What the task requires => The answer is the full set of records, given again exactly and without images.

Excerpted records =>
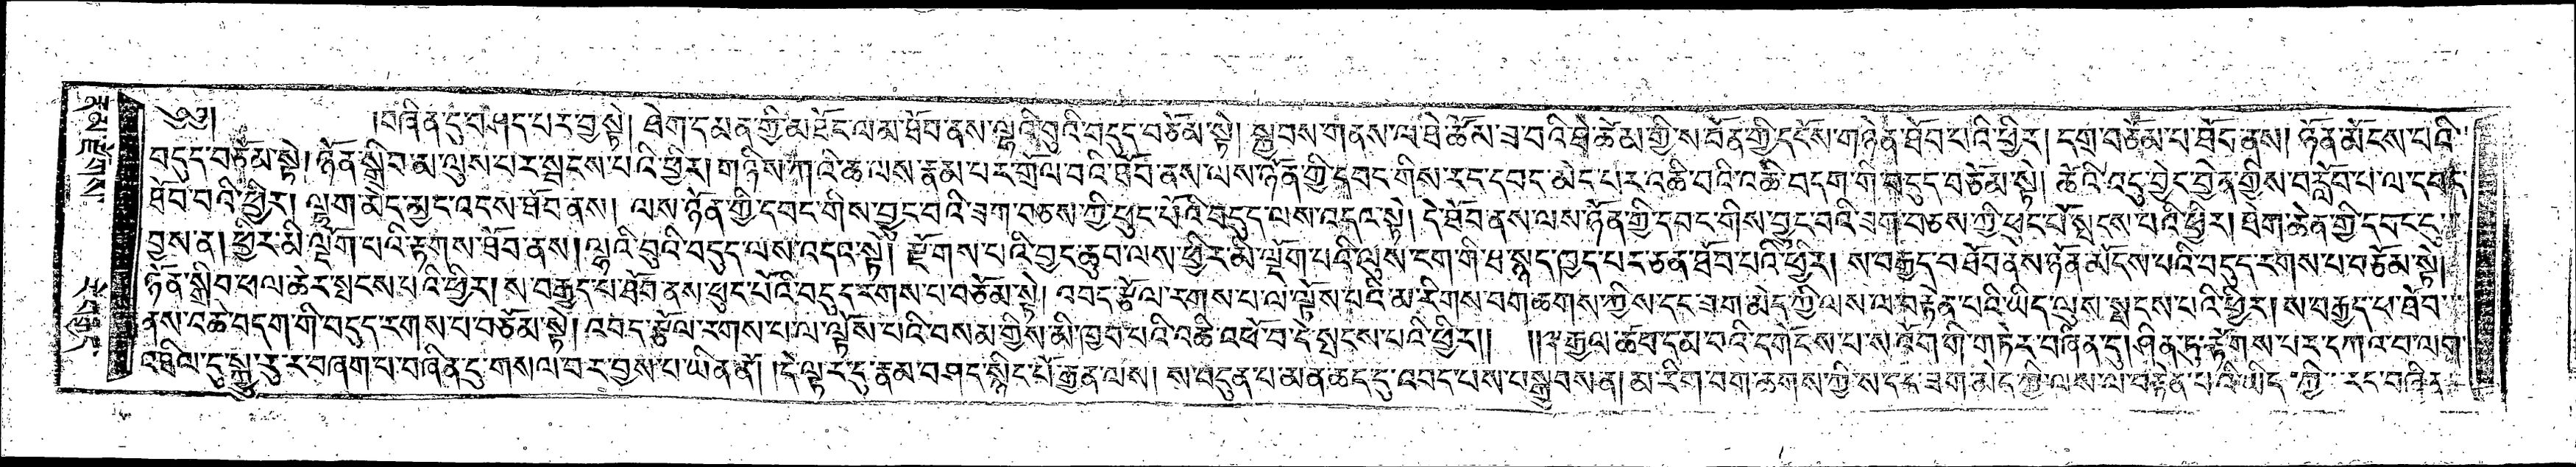༄༅། །བཞིན་དུ་བཤད་པར་བྱ་སྟེ། ཐེག་དམན་གྱི་མཐོང་ལམ་ཐོབ་ནས་ལྷའི་བུའི་བདུད་བཅོམ་སྟེ། སྐྱབས་གནས་ལ་ཐེ་ཚོམ་ཟ་བའི་ཐེ་ཚོམ་གྱི་ས་བོན་གྱི་དངོས་གཉེན་ཐོབ་པའི་ཕྱིར། དགྲ་བཅོམ་པ་ཐོབ་ནས། ཉོན་མོངས་པའི་
བདུད་བཅོམ་སྟེ། ཉོན་སྒྲིབ་མ་ལུས་པར་སྤངས་པའི་ཕྱིར། གཉིས་ཀའི་ཆ་ལས་རྣམ་པར་གྲོལ་བའི་ཐོབ་ནས་ལས་ཉོན་གྱི་དབང་གིས་རང་དབང་མེད་པར་འཆི་བའི་འཆི་བདག་གི་བདག་གི་བདུད་བཅོམ་སྟེ། ཚེའི་འདུ་བྱེད་བྱིན་གྱིས་རློབ་པ་ལ་དབང་
ཐོབ་པའི་ཕྱིར། ལྷག་མེད་མྱང་འདས་ཐོབ་ནས། ལས་ཉོན་གྱི་དབང་གིས་བྱུང་བའི་ཟག་བཅས་ཀྱི་ཕུང་པོའི་བདུད་ལས་འདའ་སྟེ། དེ་ཐོབ་ནས་ལས་ཉོན་གྱི་དབང་གིས་བྱུང་བའི་ཟག་བཅས་ཀྱི་ཕུང་པོ་སྤངས་པའི་ཕྱིར། ཐེག་ཆེན་གྱི་དབང་དུ་
བྱས་ན། ཕྱིར་མི་ལྡོག་པའི་རྟགས་ཐོབ་ནས། ལྷའི་བུའི་བདུད་ལས་འདའ་སྟེ། རྫོགས་པའི་བྱང་ཆུབ་ལས་ཕྱིར་མི་ལྡོག་པའི་ལུས་ངག་གི་ཐ་སྙད་ཁྱད་པར་ཅན་ཐོབ་པའི་ཕྱིར། ས་བརྒྱད་པ་ཐོབ་ནས་ཉོན་མོངས་པའི་བདུད་རགས་པ་བཅོམ་སྟེ།
ཉོན་སྒྲིབ་ཕལ་ཆེར་སྤངས་པའི་ཕྱིར། ས་བརྒྱད་པ་ཐོབ་ནས་ཕུང་པོའི་བདུད་རགས་པ་བཅོམ་སྟེ། འབད་རྩོལ་རགས་པ་ལ་ལྟོས་པའི་མ་རིགས་བག་ཆགས་ཀྱིས་དང་ཟག་མེད་ཀྱི་ལས་ལ་བརྟེན་པའི་ཡིད་ལུས་སྤངས་པའི་ཕྱིར། ས་བརྒྱད་པ་ཐོབ་
ནས་འཆི་བདག་གི་བདུད་རགས་པ་བཅོམ་སྟེ། འབད་རྩོལ་རགས་པ་ལ་ལྟོས་པའི་བསམ་གྱིས་མི་ཁྱབ་པའི་འཆི་འཕོ་བ་དེ་སྤངས་པའི་ཕྱིར།། །།༈རྒྱལ་ཚབ་དམ་པའི་དགོངས་པ་ས་འོག་གི་གཏེར་བཞིན་དུ། ཤིན་ཏུ་རྟོགས་པར་དཀའ་བ་ལག་
འཐིལ་དུ་སྐྱུ་རུ་ར་བཞག་པ་བཞེན་དུ་གསལ་བར་བྱས་པ་ཡིན་ནོ། །དེ་ལྟར་དུ་རྣམ་བཤད་སྙིང་པོ་རྒྱན་ལས། ས་བདུན་པ་མན་ཆད་དུ་འབད་པས་བསྒྲུབས་ན། མ་རིག་བག་ཆགས་ཀྱི་ས་དང་ཟག་མེད་ཀྱི་ལས་ལ་བརྟེན་པའི་ཡིད་ཀྱི་རང་བཞིན་

Output of the exercise =>
༄༅། །བཞིན་དུ་བཤད་པར་བྱ་སྟེ། ཐེག་དམན་གྱི་མཐོང་ལམ་ཐོབ་ནས་ལྷའི་བུའི་བདུད་བཅོམ་སྟེ། སྐྱབས་གནས་ལ་ཐེ་ཚོམ་ཟ་བའི་ཐེ་ཚོམ་གྱི་ས་བོན་གྱི་དངོས་གཉེན་ཐོབ་པའི་ཕྱིར། དགྲ་བཅོམ་པ་ཐོབ་ནས། ཉོན་མོངས་པའི་
བདུད་བཅོམ་སྟེ། ཉོན་སྒྲིབ་མ་ལུས་པར་སྤངས་པའི་ཕྱིར། གཉིས་ཀའི་ཆ་ལས་རྣམ་པར་གྲོལ་བའི་ཐོབ་ནས་ལས་ཉོན་གྱི་དབང་གིས་རང་དབང་མེད་པར་འཆི་བའི་འཆི་བདག་གི་བདག་གི་བདུད་བཅོམ་སྟེ། ཚེའི་འདུ་བྱེད་བྱིན་གྱིས་རློབ་པ་ལ་དབང་
ཐོབ་པའི་ཕྱིར། ལྷག་མེད་མྱང་འདས་ཐོབ་ནས། ལས་ཉོན་གྱི་དབང་གིས་བྱུང་བའི་ཟག་བཅས་ཀྱི་ཕུང་པོའི་བདུད་ལས་འདའ་སྟེ། དེ་ཐོབ་ནས་ལས་ཉོན་གྱི་དབང་གིས་བྱུང་བའི་ཟག་བཅས་ཀྱི་ཕུང་པོ་སྤངས་པའི་ཕྱིར། ཐེག་ཆེན་གྱི་དབང་དུ་
བྱས་ན། ཕྱིར་མི་ལྡོག་པའི་རྟགས་ཐོབ་ནས། ལྷའི་བུའི་བདུད་ལས་འདའ་སྟེ། རྫོགས་པའི་བྱང་ཆུབ་ལས་ཕྱིར་མི་ལྡོག་པའི་ལུས་ངག་གི་ཐ་སྙད་ཁྱད་པར་ཅན་ཐོབ་པའི་ཕྱིར། ས་བརྒྱད་པ་ཐོབ་ནས་ཉོན་མོངས་པའི་བདུད་རགས་པ་བཅོམ་སྟེ།
ཉོན་སྒྲིབ་ཕལ་ཆེར་སྤངས་པའི་ཕྱིར། ས་བརྒྱད་པ་ཐོབ་ནས་ཕུང་པོའི་བདུད་རགས་པ་བཅོམ་སྟེ། འབད་རྩོལ་རགས་པ་ལ་ལྟོས་པའི་མ་རིགས་བག་ཆགས་ཀྱིས་དང་ཟག་མེད་ཀྱི་ལས་ལ་བརྟེན་པའི་ཡིད་ལུས་སྤངས་པའི་ཕྱིར། ས་བརྒྱད་པ་ཐོབ་
ནས་འཆི་བདག་གི་བདུད་རགས་པ་བཅོམ་སྟེ། འབད་རྩོལ་རགས་པ་ལ་ལྟོས་པའི་བསམ་གྱིས་མི་ཁྱབ་པའི་འཆི་འཕོ་བ་དེ་སྤངས་པའི་ཕྱིར།། །།༈རྒྱལ་ཚབ་དམ་པའི་དགོངས་པ་ས་འོག་གི་གཏེར་བཞིན་དུ། ཤིན་ཏུ་རྟོགས་པར་དཀའ་བ་ལག་
འཐིལ་དུ་སྐྱུ་རུ་ར་བཞག་པ་བཞེན་དུ་གསལ་བར་བྱས་པ་ཡིན་ནོ། །དེ་ལྟར་དུ་རྣམ་བཤད་སྙིང་པོ་རྒྱན་ལས། ས་བདུན་པ་མན་ཆད་དུ་འབད་པས་བསྒྲུབས་ན། མ་རིག་བག་ཆགས་ཀྱི་ས་དང་ཟག་མེད་ཀྱི་ལས་ལ་བརྟེན་པའི་ཡིད་ཀྱི་རང་བཞིན་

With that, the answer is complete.